I went for a pre-op appointment last Weds at Musgrove Hospital in Taunton. I had 2 filthy infections, one UTI and a chest infection for which I was taking the dreaded Amoxillin. The nurse did extensive blood tests, which came back almost immediately. The anaethesist said my TSH was OK but T3 and T4 were out of kilter . He also said that I needed another inhaler besides the Duaklir that I already take. This means a visit to the respiritory nurse which has not yet been arranged. It is pointless trying to get these appointments over the phone. The staff there have an obsession with the word "appropriate". The only way I get any where is by writing to my GP - which I will be doing later and handing it in tomorrow. I will also ask if I can get a copy of the bloods!! The anaethitist said we are now looking at the end of Feb for the Op which does give me some time to try and sort it all out Thanks very much for your concern.

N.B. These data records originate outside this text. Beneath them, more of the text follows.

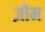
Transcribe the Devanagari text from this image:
ज़ौम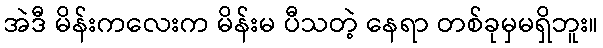
အဲဒီ မိန်းကလေးက မိန်းမ ပီသတဲ့ နေရာ တစ်ခုမှမရှိဘူး။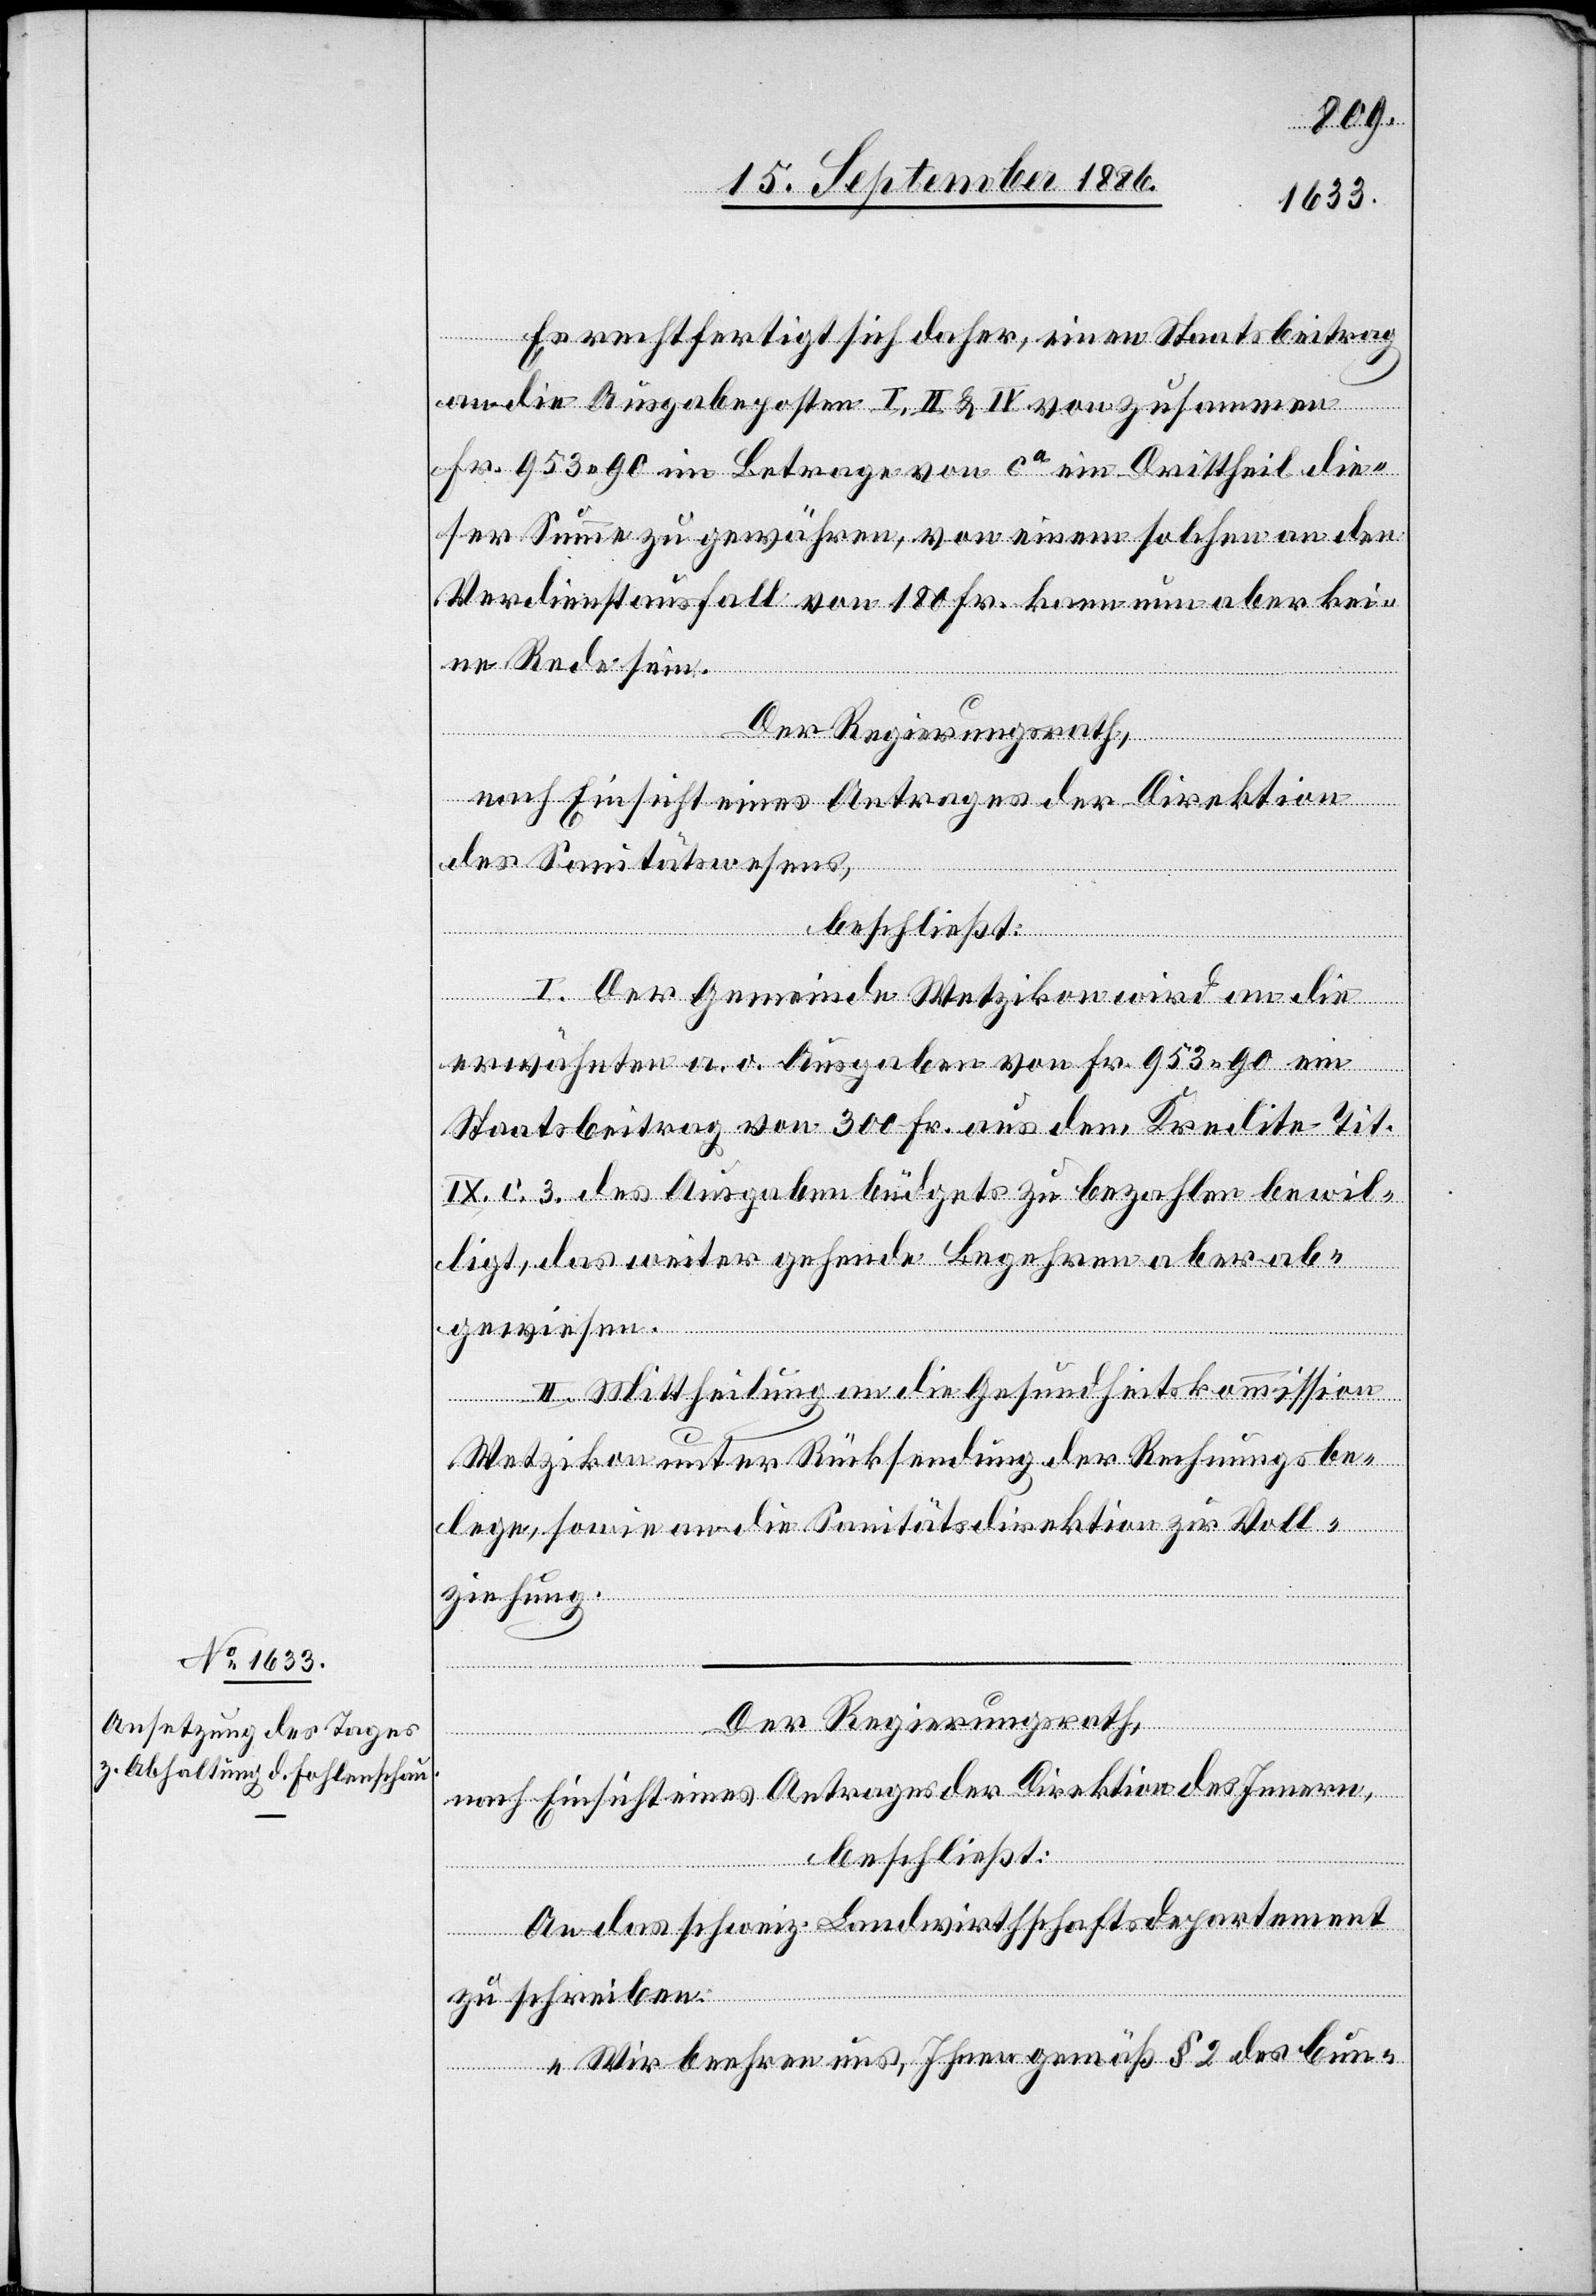
Es rechtfertigt sich daher, einen Staatsbeitrag
an die Ausgabeposten I, II & IV von zusammen
Fr. 953 90 im Betrage von ca ein Drittheil die¬
ser Summe zu gewähren, von einem solchen an den
Verdienstausfall von 180 Fr. kann nun aber kei¬
ne Rede sein.
Der Regierungsrath,
nach Einsicht eines Antrages der Direktion
des Sanitätswesens,
beschließt:
I. Der Gemeinde Wetzikon wird an die
erwähnten a. o. Ausgaben von Fr. 953 90 ein
Staatsbeitrag von 300 Fr. aus dem Kredite Tit.
IX. C. 3. des Ausgabenbüdgets zu bezahlen bewil¬
ligt, das weiter gehende Begehren aber ab¬
gewiesen.
II. Mittheilung an die Gesundheitskommission
Wetzikon unter Rücksendung der Rechnungsbe¬
lege, sowie an die Sanitätsdirektion zur Voll¬
ziehung.
Der Regierungsrath,
nach Einsicht eines Antrages der Direktion des Innern,
beschließt:
An das schweiz. Landwirthschaftsdepartement
zu schreiben:
„Wir beehren uns, Ihnen gemäß § 2 des bun-

I am finally feeling a bit better now - never going away for Christmas again!!****
Sheena X
, yes i got given flu ( or something godawful) for christmas too .. so much for the benefits of making the effort to be sociable ....won't make the mistake of doing that again. Glad you're starting to feel a bit better now , me too ,but still coughing up gunk
maybe they won't do another pre op if it's so close ?, but i don't know .
Yes this is a ‘biggie’ not helped at all because of the (dare I say) unseemly speed with which this can all come about, without proper consultations taking place/proper circumstances being recorded - and patient being properly informed, I have found.
Lots of mistakes/unimportances to doctors ending up with incomplete notes and incomplete planning for procedures.
I would say, you at least need to ensure everything has been recorded and definitely make yourself aware of your blood test results. As previously mentioned, anaesthetists often have more knowledge of thyroid conditions than other doctors or surgeons. However you can’t totally rely on even that.
You are right to wonder if “all your ducks are in a row”. You will have more confidence in your procedure if you feel they are.